La negativa a detallar aspectos de carácter “privado” introduce una tensión inevitable. Es cierto que existe un ámbito de la vida personal que no debe ser invadido. Pero también lo es que quienes ejercen funciones públicas quedan sometidos a un escrutinio más riguroso. No por capricho, sino por la responsabilidad que implica administrar poder.

Adorni eligió marcar ese límite con claridad: solo responderá ante la Justicia si es requerido. Es una posición legalmente atendible, aunque políticamente riesgosa. Porque en la arena pública, el silencio selectivo suele interpretarse como opacidad, incluso cuando no lo sea.

El respaldo escénico tampoco fue inocente. La presencia de figuras centrales del gabinete, como Luis Caputo, aportó un mensaje de unidad interna. Una imagen de equipo frente a la adversidad. Pero también dejó entrever que el episodio trasciende a una persona. Cuando el círculo cercano se muestra en bloque, lo que está en juego ya no es solo la reputación de un funcionario, sino la consistencia de todo un proyecto político.

El propio Adorni deslizó esa idea al sugerir que los cuestionamientos en su contra forman parte de un intento por debilitar al Gobierno. Es una lectura frecuente en el oficialismo: cada crítica se inscribe en una lógica de confrontación más amplia. Sin embargo, esa interpretación corre el riesgo de desestimar cualquier señal de alerta como si fuera parte de una operación.
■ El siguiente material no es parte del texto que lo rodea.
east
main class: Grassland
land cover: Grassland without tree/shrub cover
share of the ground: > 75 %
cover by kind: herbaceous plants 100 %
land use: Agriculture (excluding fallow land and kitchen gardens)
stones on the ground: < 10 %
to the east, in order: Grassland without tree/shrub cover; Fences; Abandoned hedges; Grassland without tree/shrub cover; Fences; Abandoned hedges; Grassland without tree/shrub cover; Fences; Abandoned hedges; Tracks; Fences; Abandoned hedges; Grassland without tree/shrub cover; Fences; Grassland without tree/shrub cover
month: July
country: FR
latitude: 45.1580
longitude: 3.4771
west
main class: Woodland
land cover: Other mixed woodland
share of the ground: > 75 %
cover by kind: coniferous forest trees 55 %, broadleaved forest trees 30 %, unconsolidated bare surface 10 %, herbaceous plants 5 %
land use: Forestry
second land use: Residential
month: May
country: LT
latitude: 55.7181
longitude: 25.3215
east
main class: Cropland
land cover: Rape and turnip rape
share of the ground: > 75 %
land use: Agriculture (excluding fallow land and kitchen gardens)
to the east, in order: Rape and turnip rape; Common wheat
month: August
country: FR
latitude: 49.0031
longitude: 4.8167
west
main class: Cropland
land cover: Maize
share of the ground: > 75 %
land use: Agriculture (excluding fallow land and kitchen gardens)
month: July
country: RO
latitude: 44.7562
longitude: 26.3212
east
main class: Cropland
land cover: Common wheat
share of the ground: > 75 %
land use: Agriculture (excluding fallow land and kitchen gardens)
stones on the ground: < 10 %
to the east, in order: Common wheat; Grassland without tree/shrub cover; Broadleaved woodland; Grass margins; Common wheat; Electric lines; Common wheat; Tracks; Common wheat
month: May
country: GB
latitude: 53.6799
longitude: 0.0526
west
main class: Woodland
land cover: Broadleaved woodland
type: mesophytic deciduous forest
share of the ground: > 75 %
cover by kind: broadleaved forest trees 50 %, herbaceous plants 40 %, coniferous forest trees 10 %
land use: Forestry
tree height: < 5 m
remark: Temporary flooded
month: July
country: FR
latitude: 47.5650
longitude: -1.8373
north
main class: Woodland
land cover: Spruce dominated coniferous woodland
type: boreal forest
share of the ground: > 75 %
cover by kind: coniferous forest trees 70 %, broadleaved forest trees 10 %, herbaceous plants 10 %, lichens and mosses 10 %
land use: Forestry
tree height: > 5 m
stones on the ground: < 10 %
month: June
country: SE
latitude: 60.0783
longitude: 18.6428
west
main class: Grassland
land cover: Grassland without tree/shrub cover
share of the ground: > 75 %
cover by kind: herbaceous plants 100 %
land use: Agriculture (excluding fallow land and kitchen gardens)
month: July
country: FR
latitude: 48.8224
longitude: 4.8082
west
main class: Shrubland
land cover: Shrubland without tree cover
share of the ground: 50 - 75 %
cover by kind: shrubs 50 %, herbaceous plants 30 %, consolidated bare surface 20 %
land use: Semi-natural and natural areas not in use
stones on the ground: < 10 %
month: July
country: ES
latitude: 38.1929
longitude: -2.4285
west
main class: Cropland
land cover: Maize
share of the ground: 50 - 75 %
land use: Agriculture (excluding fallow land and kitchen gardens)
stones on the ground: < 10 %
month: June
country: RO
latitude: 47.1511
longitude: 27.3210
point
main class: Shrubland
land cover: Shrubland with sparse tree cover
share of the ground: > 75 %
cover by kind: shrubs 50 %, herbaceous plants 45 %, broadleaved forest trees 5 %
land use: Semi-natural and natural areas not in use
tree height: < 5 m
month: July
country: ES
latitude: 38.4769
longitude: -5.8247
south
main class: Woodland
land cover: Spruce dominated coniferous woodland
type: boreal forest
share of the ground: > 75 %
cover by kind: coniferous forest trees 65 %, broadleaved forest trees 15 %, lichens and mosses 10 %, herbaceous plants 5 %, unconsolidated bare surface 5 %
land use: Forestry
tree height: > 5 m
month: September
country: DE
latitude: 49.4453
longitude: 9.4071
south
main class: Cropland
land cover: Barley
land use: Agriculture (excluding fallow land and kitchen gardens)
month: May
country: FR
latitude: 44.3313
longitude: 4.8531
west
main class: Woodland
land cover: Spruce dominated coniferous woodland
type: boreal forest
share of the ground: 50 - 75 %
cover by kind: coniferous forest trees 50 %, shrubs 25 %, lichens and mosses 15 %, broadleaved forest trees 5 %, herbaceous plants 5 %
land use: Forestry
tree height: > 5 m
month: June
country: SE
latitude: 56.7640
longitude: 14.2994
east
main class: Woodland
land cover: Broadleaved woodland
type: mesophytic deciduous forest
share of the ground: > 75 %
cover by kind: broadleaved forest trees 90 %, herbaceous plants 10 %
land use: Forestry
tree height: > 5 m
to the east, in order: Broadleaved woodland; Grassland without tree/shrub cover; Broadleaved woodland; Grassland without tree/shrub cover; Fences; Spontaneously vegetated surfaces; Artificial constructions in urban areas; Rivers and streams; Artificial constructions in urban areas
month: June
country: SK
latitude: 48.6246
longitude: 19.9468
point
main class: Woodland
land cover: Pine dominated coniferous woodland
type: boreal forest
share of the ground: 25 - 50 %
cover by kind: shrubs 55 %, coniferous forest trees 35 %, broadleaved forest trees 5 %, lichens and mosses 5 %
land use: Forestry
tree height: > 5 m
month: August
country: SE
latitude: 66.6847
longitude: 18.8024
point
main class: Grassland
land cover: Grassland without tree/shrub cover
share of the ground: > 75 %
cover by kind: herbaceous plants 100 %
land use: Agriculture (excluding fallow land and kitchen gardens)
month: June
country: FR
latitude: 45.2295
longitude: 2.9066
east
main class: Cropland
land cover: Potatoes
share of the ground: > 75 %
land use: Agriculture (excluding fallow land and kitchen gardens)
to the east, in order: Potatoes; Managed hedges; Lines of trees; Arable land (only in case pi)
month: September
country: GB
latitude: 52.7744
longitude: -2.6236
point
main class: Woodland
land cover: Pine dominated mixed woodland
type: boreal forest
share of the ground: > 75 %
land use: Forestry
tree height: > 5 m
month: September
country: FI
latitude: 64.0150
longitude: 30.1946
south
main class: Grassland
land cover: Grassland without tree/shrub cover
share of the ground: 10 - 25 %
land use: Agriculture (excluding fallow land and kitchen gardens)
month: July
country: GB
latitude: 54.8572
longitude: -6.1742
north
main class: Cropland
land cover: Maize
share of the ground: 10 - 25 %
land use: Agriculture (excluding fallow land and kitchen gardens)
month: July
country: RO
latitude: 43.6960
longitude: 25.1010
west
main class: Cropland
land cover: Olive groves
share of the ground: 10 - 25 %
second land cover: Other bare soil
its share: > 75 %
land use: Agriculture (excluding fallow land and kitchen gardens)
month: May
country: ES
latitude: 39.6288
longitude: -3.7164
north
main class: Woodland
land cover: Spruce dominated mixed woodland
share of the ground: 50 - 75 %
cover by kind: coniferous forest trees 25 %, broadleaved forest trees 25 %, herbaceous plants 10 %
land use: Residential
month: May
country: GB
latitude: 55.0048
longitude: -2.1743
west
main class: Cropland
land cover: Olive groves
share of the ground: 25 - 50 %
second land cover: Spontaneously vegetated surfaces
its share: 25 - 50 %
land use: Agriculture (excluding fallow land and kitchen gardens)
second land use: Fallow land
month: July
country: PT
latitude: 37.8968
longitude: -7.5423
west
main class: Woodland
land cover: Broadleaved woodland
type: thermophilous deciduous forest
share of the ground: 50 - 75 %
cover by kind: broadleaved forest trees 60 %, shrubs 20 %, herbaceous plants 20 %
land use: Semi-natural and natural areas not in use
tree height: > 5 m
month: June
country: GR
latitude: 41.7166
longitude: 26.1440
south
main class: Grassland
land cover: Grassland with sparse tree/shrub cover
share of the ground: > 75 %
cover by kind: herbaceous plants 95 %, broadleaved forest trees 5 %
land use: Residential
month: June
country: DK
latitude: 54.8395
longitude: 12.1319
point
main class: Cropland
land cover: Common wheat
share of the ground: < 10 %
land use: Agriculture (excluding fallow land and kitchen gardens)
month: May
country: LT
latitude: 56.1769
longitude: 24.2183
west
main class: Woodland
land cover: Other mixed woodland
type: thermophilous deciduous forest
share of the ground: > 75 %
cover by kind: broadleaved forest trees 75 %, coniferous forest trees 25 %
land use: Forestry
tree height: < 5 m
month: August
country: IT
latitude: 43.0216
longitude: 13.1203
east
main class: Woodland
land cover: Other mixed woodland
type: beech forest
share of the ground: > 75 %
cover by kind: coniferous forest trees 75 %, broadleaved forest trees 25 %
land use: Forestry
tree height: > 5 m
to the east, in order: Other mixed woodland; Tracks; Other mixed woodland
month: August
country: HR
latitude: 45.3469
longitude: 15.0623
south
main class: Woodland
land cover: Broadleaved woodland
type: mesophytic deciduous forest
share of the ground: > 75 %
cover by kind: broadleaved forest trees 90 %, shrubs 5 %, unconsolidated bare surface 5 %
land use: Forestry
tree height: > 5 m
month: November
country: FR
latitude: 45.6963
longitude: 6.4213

El intercambio con periodistas dejó otro dato relevante. La incomodidad. No solo del funcionario, sino también del vínculo entre el poder y quienes deben controlarlo. Cuando Adorni recuerda que su interlocutor “no es juez”, marca una frontera que, aunque formalmente correcta, expone una tensión latente: la dificultad para aceptar preguntas incómodas sin convertirlas en un conflicto.

En rigor, la cuestión de fondo no es judicial, al menos por ahora. Es política. Y en ese terreno, las reglas son otras. La transparencia no se limita a cumplir con declaraciones juradas o responder ante tribunales. Implica también construir confianza. Y la confianza no se impone, se gana.

El Gobierno de Javier Milei llegó con la promesa de romper con viejas prácticas. De elevar estándares. De diferenciarse. Esa promesa, precisamente, es la que hoy amplifica cada episodio que genera dudas. Porque cuanto más alto se coloca el listón, más visibles resultan las inconsistencias.

Adorni optó por una defensa frontal, pero parcial. Buscó cerrar el tema, aunque dejó abiertas preguntas. Y en política, las preguntas que quedan sin respuesta suelen tener más peso que las respuestas ensayadas.

La conferencia terminó. La polémica, no.